§ **INSTRUCTIONS FOR THE TASK**:
Give back exactly the lines of the entries below from the line with "Infiltration: negative" to the line with "Hernia: negative", inclusive, and only those.

§ **DATA EXCERPTS**:
---
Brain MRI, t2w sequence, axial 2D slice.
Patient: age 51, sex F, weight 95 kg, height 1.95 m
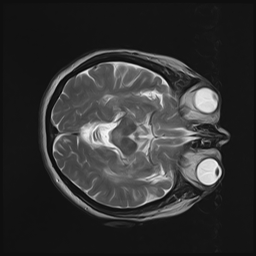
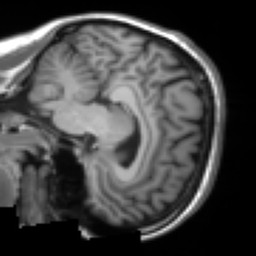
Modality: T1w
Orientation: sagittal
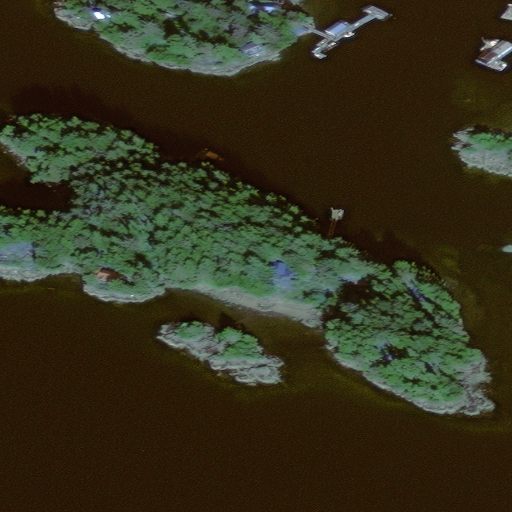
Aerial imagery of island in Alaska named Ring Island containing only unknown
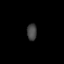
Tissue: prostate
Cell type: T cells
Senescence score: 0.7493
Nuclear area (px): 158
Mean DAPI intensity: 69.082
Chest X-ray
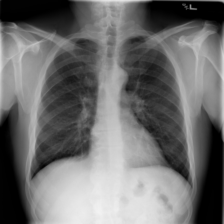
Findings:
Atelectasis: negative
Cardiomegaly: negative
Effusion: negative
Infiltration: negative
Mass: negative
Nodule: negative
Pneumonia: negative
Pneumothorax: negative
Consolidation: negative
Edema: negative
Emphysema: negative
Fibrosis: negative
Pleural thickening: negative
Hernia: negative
---
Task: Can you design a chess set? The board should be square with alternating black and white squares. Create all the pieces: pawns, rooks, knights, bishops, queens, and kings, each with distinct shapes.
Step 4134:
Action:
---
§ **ANSWER TO THE EXERCISE**:
Infiltration: negative
Mass: negative
Nodule: negative
Pneumonia: negative
Pneumothorax: negative
Consolidation: negative
Edema: negative
Emphysema: negative
Fibrosis: negative
Pleural thickening: negative
Hernia: negative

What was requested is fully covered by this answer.